【初心者向け】仮想通貨のステーブルコインってなに?
仮想通貨は、現在価格の上下が激しいデメリットがあります。(価格変動の度合いを示すことをボラティリティと呼びます。)
その問題を解消するための仮想通貨として期待されているのがステーブルコイン(Stable coin)です。
今回は「ステーブルコイン」について学んでみたいと思います。
なぜステーブルコインは必要なの?
ビットコインを始めとした仮想通貨の目的には、送金を素早く・安く・便利にしたいということが含まれますが、仮想通貨の相場はボラティリティが高すぎるために、その目的に反するものとなってしまっています。
このような価格が乱高下するボラティリティの高さの大きな要因の1つは、特定の通貨や物品などといった担保がないことにあると考え、法定通貨レベルに価格の安定した利便性の高い仮想通貨が求められるようになりました。
そこで登場するのがステーブルコイン(Stable coin)です。
ビットコインを始めとした仮想通貨には、様々な利便性が期待されていますが、非中央集権型の通貨なので、日本円のように日銀が管理している等の特定の管理者が存在していません。
その概念自体は、とてもフェアな考え方ですが、現在では非中央集権ゆえに、ボラティリティが高い通貨になってしまいました。
もし実際にビットコイン決済をした時の価格より、2日後にビットコインの価値が2倍に上がっていたらどう感じますか?
「めちゃくちゃ損した!」と大体の方は感じるでしょう。
実際これに近いようなことが起こっていて、利便性などという以前に、そもそも価格が安定しなければ使うことが現実的に難しくなっています。

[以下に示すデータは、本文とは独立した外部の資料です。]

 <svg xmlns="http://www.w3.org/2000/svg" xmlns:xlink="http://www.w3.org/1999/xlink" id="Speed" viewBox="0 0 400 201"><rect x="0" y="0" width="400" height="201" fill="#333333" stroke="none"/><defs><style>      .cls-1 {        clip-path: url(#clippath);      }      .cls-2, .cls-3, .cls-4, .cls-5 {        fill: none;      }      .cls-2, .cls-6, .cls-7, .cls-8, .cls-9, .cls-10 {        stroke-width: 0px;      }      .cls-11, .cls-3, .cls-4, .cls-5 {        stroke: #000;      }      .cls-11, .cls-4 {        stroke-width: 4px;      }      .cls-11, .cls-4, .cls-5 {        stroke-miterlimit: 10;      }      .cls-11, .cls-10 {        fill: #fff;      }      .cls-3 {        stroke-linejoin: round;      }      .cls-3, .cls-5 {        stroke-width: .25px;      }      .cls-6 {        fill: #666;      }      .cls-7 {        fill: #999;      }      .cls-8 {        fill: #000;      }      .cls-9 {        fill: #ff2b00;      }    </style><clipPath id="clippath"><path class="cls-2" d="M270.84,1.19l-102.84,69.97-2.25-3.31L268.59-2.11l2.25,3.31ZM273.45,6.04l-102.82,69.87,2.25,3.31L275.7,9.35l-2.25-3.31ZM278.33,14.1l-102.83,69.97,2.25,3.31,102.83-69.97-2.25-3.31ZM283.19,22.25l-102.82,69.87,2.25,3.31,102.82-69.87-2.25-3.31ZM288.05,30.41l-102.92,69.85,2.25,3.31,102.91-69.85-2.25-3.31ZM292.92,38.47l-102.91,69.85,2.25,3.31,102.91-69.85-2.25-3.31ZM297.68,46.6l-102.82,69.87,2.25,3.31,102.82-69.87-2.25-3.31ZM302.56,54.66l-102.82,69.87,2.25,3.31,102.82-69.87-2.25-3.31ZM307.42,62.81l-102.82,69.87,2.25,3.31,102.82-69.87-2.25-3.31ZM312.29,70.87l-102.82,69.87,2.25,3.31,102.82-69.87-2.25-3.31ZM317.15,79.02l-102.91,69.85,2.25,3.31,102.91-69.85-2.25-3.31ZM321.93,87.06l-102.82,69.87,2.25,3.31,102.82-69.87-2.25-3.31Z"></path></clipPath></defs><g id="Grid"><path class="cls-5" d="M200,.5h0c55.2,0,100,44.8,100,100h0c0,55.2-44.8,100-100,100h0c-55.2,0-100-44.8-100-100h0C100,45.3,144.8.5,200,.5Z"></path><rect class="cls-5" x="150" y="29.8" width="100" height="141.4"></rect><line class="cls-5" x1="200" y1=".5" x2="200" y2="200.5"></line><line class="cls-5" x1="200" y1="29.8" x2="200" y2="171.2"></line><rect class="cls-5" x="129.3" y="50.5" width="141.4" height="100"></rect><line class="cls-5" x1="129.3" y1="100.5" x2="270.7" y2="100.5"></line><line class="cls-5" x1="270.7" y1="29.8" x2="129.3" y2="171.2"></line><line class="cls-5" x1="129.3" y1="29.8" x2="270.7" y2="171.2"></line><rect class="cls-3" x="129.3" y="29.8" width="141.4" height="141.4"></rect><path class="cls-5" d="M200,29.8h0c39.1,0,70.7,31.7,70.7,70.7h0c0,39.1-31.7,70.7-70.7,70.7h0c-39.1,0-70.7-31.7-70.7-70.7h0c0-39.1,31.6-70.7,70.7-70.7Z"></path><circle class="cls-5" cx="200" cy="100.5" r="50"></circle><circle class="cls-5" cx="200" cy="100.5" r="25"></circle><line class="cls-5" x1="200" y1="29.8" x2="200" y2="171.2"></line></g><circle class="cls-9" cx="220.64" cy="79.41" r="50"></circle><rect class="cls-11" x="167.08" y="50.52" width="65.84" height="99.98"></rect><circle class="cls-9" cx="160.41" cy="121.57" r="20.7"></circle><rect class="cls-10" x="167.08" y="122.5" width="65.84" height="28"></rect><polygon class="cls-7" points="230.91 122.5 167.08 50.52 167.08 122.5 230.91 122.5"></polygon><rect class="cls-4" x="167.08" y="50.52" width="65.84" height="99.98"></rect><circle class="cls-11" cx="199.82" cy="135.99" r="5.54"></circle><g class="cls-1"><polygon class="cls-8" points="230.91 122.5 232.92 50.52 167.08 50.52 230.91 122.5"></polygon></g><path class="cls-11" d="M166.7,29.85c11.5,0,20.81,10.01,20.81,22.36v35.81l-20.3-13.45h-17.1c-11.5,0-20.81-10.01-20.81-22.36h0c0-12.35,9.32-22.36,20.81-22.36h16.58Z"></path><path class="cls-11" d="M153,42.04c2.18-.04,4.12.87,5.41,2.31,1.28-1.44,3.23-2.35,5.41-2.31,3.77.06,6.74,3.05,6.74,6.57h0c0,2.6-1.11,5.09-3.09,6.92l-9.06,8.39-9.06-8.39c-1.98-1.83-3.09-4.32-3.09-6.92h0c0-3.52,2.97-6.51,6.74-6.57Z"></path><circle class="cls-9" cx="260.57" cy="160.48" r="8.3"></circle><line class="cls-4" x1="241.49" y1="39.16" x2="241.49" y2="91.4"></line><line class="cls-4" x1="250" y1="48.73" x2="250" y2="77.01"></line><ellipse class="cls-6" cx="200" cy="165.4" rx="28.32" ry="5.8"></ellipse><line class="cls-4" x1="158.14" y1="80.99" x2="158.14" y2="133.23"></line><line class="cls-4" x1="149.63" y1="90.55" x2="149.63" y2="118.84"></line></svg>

この問題をステーブルコインで解消して行こうという動きになったのです。
ステーブルコインってなに?
では実際にステーブルコインとはどの様なもので、誰が発行しているのでしょうか?
もっと有名で一般的なのはテザー社の発行するUSDTでしょう。
仮想通貨に投資をしようとしたときに、取引所などでBTC/USDTというようなペアをみたことがあるかもしれませんが、このUSDTこそがステーブルコインです。
USDTは最も早く発行されたドルペッグのステーブルコインで、Binance、OKEx、BitForex、Huobi、Bitfinex、Kraken、Poloniexなどの取引所などで上場するなど圧倒的な人気がありました。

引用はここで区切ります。